The average in the R′G′B′ space is qa=½(q1+q2), but this is equal to qa=½(q1+q2)=½(M−1 p1+M−1 p2)=M−1½(p1+p2).
Going back to Y′Cb′Cr′ is done by multiplying with M, pa=M qa=M M−1 ½ (p1+p2)=½(p1+p2), but this is the same thing as you would get if you averaged in Y′Cb′Cr′ directly. We now only have to show that subsampling in R′G′B′ favors dark colors.
Consider the two RGB colors (1000, 200, 0) and (10, 200, 0). The first color is very red, and the second color is very green. However, the first color is so much brighter than the second. If seen at a distance so that they blur into one, the net effect would be a reddish pixel since ½[(1000, 200, 0)+(10, 200, 0)]=(505, 200, 0), which is more red than it is green. However, in R′G′B′, the two colors get the values (0.7518, 0.5791, 0) and (0.2997, 0.5791, 0).
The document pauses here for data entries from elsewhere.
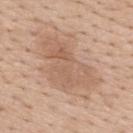Imaged during a routine full-body skin examination; the lesion was not biopsied and no histopathology is available.
Longest diameter approximately 8 mm.
From the mid back.
The subject is a male about 60 years old.
This is a white-light tile.
A 15 mm crop from a total-body photograph taken for skin-cancer surveillance.
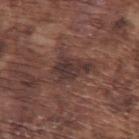Q: Was a biopsy performed?
A: imaged on a skin check; not biopsied
Q: What is the anatomic site?
A: the left upper arm
Q: Who is the patient?
A: male, aged around 75
Q: How large is the lesion?
A: about 5 mm
Q: Automated lesion metrics?
A: roughly 8 lightness units darker than nearby skin and a lesion-to-skin contrast of about 8.5 (normalized; higher = more distinct)
Q: What kind of image is this?
A: ~15 mm tile from a whole-body skin photo
Q: What lighting was used for the tile?
A: white-light illumination

Their average will be ½[(0.7518, 0.5791, 0)+(0.2997, 0.5791, 0)]=(0.5258, 0.5791, 0), which when converted back to RGB is (119, 200, 0). Thus, the resulting color when averaged in the R′G′B′ domain is almost twice as green as red. Thus, the dark color (10, 200, 0), which is green, has had an unduly big influence on the average.
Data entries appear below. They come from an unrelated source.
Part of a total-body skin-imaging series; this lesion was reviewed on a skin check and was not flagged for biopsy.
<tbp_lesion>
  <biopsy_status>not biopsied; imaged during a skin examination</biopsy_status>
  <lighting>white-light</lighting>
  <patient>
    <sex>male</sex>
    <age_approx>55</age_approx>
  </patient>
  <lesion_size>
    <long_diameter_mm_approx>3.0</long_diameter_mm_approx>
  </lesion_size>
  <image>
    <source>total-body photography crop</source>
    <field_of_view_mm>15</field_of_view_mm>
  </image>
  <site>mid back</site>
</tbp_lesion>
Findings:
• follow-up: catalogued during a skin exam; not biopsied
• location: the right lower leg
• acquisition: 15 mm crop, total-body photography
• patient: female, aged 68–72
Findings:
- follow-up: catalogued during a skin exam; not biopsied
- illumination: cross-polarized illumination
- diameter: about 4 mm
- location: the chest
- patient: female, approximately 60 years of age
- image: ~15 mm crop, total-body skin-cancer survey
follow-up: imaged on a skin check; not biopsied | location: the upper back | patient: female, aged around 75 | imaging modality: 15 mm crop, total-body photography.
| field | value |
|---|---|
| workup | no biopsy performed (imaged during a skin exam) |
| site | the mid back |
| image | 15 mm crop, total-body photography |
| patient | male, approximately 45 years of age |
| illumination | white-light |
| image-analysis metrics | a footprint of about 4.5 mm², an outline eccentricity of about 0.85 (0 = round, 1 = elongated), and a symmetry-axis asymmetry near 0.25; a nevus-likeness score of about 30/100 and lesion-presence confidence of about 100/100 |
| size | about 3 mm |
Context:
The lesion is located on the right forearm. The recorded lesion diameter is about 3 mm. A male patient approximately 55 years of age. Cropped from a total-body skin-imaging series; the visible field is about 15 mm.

To see how this can look in practice, consider a small image that is just 2×2 pixels, containing the following linear RGB colors:
(3.41, 0.49, 0.12)(0.05, 0.08, 0.02)(0.05, 0.08, 0.02)(0.05, 0.08, 0.02)
Since this is a High Dynamic Range (HDR) image, it is hard to show it in a low-dynamic range medium such as this document. However it is possible to do several Low Dynamic Range (LDR) or Standard Dynamic Range (SDR) exposures by applying the functionLDR_red=clamp(0,255*(HDR_red*2c)gam,255),where c goes from −3 to 1, gam=0.45 and clamp(a, t, b) makes sure the value t is between [a, b].
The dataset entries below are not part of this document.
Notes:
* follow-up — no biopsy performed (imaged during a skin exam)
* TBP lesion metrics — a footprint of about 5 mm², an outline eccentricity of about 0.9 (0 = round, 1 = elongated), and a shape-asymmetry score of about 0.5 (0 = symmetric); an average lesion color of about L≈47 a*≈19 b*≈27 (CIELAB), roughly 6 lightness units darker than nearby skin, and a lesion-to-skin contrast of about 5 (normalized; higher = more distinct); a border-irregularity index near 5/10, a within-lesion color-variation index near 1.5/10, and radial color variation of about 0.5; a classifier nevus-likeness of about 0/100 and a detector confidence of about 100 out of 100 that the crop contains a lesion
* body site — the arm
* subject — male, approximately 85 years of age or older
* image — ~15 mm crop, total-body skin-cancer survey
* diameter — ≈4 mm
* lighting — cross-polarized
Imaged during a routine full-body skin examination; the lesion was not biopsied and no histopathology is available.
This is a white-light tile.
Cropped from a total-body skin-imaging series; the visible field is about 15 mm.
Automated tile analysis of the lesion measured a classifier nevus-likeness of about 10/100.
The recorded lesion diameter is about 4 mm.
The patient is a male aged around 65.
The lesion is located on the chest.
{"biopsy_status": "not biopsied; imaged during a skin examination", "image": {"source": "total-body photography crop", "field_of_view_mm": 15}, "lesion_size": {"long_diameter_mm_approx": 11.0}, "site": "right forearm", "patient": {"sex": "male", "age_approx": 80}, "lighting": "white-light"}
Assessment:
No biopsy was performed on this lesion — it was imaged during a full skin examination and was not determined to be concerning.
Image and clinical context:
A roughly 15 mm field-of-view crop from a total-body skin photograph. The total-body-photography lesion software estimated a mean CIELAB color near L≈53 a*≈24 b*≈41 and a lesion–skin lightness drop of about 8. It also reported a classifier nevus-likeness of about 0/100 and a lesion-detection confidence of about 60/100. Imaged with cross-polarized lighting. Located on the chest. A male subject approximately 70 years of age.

This can be called LDR-“exposures” of the HDR image.
The HDR pixel is quite dark—the highest coefficient is 3.41 out of 4000, so the darkest exposure is the most relevant here. The top left pixel is reddish and the surrounding pixels look black. Only in the brighter exposures is it possible to see that the dark pixels are actually a bit greenish.
However, when following the anchor processing chain to convert from RGB to Y′Cb′Cr′ 4:2:0 and back again, the resulting HDR image will be
(1.14, 0.79, 0.38)(0.12, 0.06, 0.01)(0.12, 0.06, 0.01)(0.12, 0.06, 0.01)
The problem here is that the redness of the top left pixel has disappeared and has been replaced with a gray/white pixel. The reason is that averaging in the non-linear Y′Cb′Cr′ domain favors dark colors, which will make the resulting pixel unduly green. Furthermore, since there are three green pixels and just one red pixel, the result will be yet greener. The result is not very similar to the original.
There is, thus, a need for improvements with regard to inaccuracies in chrominance when using the prior art processing chain that is based on a combination of a highly non-linear transfer function, chroma subsampling and non-constant luminance ordering.